_TASK TO COMPLETE_
What follows is a set of records, each of which is to be written out exactly.

_Collected data entries_
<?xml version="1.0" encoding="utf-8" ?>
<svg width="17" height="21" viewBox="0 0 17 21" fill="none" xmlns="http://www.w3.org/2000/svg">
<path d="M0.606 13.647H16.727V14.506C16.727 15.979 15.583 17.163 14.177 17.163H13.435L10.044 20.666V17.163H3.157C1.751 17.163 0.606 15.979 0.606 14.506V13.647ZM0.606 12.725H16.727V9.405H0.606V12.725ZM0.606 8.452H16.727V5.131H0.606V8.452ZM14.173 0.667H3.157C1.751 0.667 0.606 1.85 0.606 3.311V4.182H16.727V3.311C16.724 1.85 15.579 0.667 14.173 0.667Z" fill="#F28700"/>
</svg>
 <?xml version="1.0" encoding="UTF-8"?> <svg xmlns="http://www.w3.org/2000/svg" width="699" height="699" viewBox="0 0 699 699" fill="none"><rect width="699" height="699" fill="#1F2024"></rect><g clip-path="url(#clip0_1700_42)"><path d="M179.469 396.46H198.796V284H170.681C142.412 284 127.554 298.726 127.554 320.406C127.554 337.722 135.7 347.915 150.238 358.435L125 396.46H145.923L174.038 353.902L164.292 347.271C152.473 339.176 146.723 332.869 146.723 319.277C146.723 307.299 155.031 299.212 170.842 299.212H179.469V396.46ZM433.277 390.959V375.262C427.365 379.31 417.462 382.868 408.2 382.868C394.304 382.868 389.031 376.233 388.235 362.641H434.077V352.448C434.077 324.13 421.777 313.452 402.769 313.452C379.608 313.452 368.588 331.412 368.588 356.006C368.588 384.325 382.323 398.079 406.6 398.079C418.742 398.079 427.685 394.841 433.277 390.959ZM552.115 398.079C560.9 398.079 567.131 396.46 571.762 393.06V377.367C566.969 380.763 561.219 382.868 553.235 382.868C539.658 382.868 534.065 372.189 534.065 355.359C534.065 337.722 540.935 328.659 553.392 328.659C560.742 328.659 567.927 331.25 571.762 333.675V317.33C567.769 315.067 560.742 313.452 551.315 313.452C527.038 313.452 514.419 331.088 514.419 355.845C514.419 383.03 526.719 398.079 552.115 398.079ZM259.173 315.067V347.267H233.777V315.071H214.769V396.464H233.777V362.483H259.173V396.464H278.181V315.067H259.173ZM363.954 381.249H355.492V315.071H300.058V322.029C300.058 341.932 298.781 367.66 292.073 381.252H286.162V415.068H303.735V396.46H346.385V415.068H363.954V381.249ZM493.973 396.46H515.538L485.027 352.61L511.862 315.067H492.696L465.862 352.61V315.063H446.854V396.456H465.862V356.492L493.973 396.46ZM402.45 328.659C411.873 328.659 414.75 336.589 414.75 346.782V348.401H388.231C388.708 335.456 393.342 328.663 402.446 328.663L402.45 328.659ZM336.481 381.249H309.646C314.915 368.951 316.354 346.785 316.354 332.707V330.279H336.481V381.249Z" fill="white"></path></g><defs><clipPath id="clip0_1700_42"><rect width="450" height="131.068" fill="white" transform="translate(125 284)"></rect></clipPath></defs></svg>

_ANSWER_
<?xml version="1.0" encoding="utf-8" ?>
<svg width="17" height="21" viewBox="0 0 17 21" fill="none" xmlns="http://www.w3.org/2000/svg">
<path d="M0.606 13.647H16.727V14.506C16.727 15.979 15.583 17.163 14.177 17.163H13.435L10.044 20.666V17.163H3.157C1.751 17.163 0.606 15.979 0.606 14.506V13.647ZM0.606 12.725H16.727V9.405H0.606V12.725ZM0.606 8.452H16.727V5.131H0.606V8.452ZM14.173 0.667H3.157C1.751 0.667 0.606 1.85 0.606 3.311V4.182H16.727V3.311C16.724 1.85 15.579 0.667 14.173 0.667Z" fill="#F28700"/>
</svg>
 <?xml version="1.0" encoding="UTF-8"?> <svg xmlns="http://www.w3.org/2000/svg" width="699" height="699" viewBox="0 0 699 699" fill="none"><rect width="699" height="699" fill="#1F2024"></rect><g clip-path="url(#clip0_1700_42)"><path d="M179.469 396.46H198.796V284H170.681C142.412 284 127.554 298.726 127.554 320.406C127.554 337.722 135.7 347.915 150.238 358.435L125 396.46H145.923L174.038 353.902L164.292 347.271C152.473 339.176 146.723 332.869 146.723 319.277C146.723 307.299 155.031 299.212 170.842 299.212H179.469V396.46ZM433.277 390.959V375.262C427.365 379.31 417.462 382.868 408.2 382.868C394.304 382.868 389.031 376.233 388.235 362.641H434.077V352.448C434.077 324.13 421.777 313.452 402.769 313.452C379.608 313.452 368.588 331.412 368.588 356.006C368.588 384.325 382.323 398.079 406.6 398.079C418.742 398.079 427.685 394.841 433.277 390.959ZM552.115 398.079C560.9 398.079 567.131 396.46 571.762 393.06V377.367C566.969 380.763 561.219 382.868 553.235 382.868C539.658 382.868 534.065 372.189 534.065 355.359C534.065 337.722 540.935 328.659 553.392 328.659C560.742 328.659 567.927 331.25 571.762 333.675V317.33C567.769 315.067 560.742 313.452 551.315 313.452C527.038 313.452 514.419 331.088 514.419 355.845C514.419 383.03 526.719 398.079 552.115 398.079ZM259.173 315.067V347.267H233.777V315.071H214.769V396.464H233.777V362.483H259.173V396.464H278.181V315.067H259.173ZM363.954 381.249H355.492V315.071H300.058V322.029C300.058 341.932 298.781 367.66 292.073 381.252H286.162V415.068H303.735V396.46H346.385V415.068H363.954V381.249ZM493.973 396.46H515.538L485.027 352.61L511.862 315.067H492.696L465.862 352.61V315.063H446.854V396.456H465.862V356.492L493.973 396.46ZM402.45 328.659C411.873 328.659 414.75 336.589 414.75 346.782V348.401H388.231C388.708 335.456 393.342 328.663 402.446 328.663L402.45 328.659ZM336.481 381.249H309.646C314.915 368.951 316.354 346.785 316.354 332.707V330.279H336.481V381.249Z" fill="white"></path></g><defs><clipPath id="clip0_1700_42"><rect width="450" height="131.068" fill="white" transform="translate(125 284)"></rect></clipPath></defs></svg>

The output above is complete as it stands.